Gli dà 10 euro per ‘il solito’, ma era un carabiniere: tre arresti nella casa dello spaccio

I carabinieri hanno arrestato in via Cornelio Tacito, i coniugi Adelina Clemente e Luigi Gentile di Cerignola, insieme a Salvatore Dascoli, quest'ultimo per resistenza a pubblico ufficiale

I tre arrestati

Da un po’ di giorni ai carabinieri di Cerignola era stato segnalato un anomalo viavai di persone alle spalle delle cosiddette ‘fosse granaie’, precisamente in via Cornelio Tacito, una stradina del centro a senso unico, dove non vi era alcun motivo che tanti passanti, peraltro di altri quartieri della città, vi transitassero e si fermassero tutte davanti a una specifica abitazione.

A quel punto i militari del Nucleo Operativo e Radiomobile, nel pomeriggio di sabato hanno predisposto un servizio di appostamento, in abiti borghesi, condotto con la massima cautela, in considerazione non solo del fatto che l’abitazione interessata fosse munita di un modernissimo impianto di videosorveglianza, ma anche che, in una stradina così piccola, sarebbe stato molto semplice essere notati.

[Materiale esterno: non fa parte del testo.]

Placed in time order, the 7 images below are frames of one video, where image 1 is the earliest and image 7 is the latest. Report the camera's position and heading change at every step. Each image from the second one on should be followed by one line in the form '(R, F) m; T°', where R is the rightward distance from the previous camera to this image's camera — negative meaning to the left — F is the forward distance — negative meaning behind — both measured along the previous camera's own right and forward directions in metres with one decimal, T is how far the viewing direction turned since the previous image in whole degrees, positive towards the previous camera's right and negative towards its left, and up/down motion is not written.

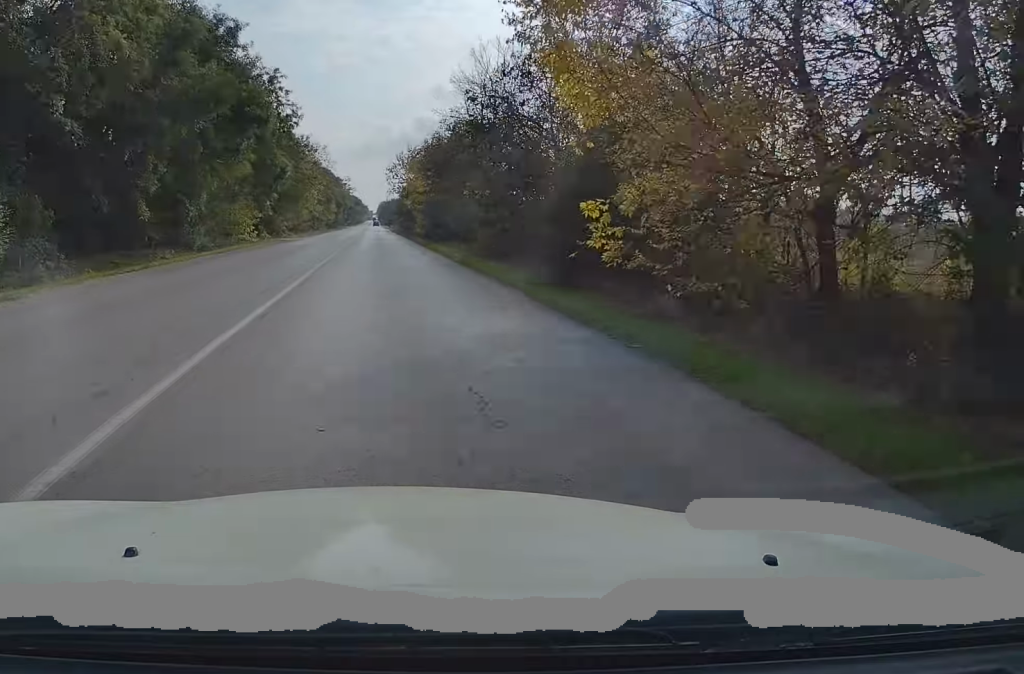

Da subito i militari hanno visto uscire due persone dall’abitazione, delle quali una è stata immediatamente bloccata, mentre l’altra è riuscita a salire a bordo della propria autovettura e a fuggire. Ne è nato quindi un inseguimento per le vie del centro di Cerignola, che si è concluso dopo qualche minuto. Il conducente è stato immediatamente perquisito e, nelle tasche dei pantaloni, gli è stata trovata una dose di cocaina. L’uomo bloccato all’esterno dell’abitazione, invece, ha consegnato spontaneamente una dose di hashish, dichiarando di averla appena acquistata da tale Luigi, dimorante per l’appunto all’interno dell’abitazione dalla quale i due assuntori erano appena usciti.

I militari, dopo aver condotto i due assuntori, uno di Barletta e l’altro di San Ferdinando di Puglia, presso gli uffici del comando compagnia di Cerignola, sono tornati a bussare alla porta dello spacciatore che nel frattempo aveva tirato sciacquone del water, verosimilmente azionato per gettare lo stupefacente nascosto in casa.

All’ingresso dell’abitazione, gli uomini del 112 si sono quindi trovati di fronte una donna, identificata poi in Adelina Clemente, cl. '89, con precedenti di polizia, che si avventava contro i militari con violenza, minacciandoli pesantemente. La donna infatti nutriva già una certa avversione verso i militari, che nelle settimane scorse gli avevano arrestato il fratello Matteo, prima per resistenza a pubblico ufficiale e poi per la detenzione di 18 grammi di cocaina, fatto per il quale si trova tuttora in carcere. Bloccata la donna, si procedeva all’identificazione del marito Luigi Gentile, cl. '87, soggetto già noto agli operanti perché più volte arrestato per spaccio.

Durante la perquisizione è poi avvenuto anche un fatto singolare, dai tratti grotteschi. Mentre era in corso la perquisizione domiciliare, una persona, che evidentemente non si era accorto minimamente della presenza dei carabinieri, ha bussato a una finestra dell’abitazione che dava sulla strada. Ad aprirla, però, un carabinieri al quale la persona ha messo in mano dieci euro esclamando: “il solito grazie!!!".

Confermata ancora di più, qualora ce ne fosse stato ancora bisogno, l’attività di spaccio posta in essere all’interno dell’abitazione, i militari hanno dichiarato in arresto sia Gentile, per spaccio di cocaina e di hashish, che Clemente e Salvatore Dascoli, il pregiudicato sanferdinandese che era scappato a bordo con l’autovettura e che è stato deferito in stato di libertà anche per guida sotto l’effetto di sostanze stupefacenti, essendosi rifiutato di sottoporsi agli accertamenti tecnici specifici, ed è stato segnalato, insieme all’altro assuntore, all’Autorità prefettizia. Tutti gli arrestati, su disposizione del P.M. di turno, sono stati sottoposti agli arresti domiciliari.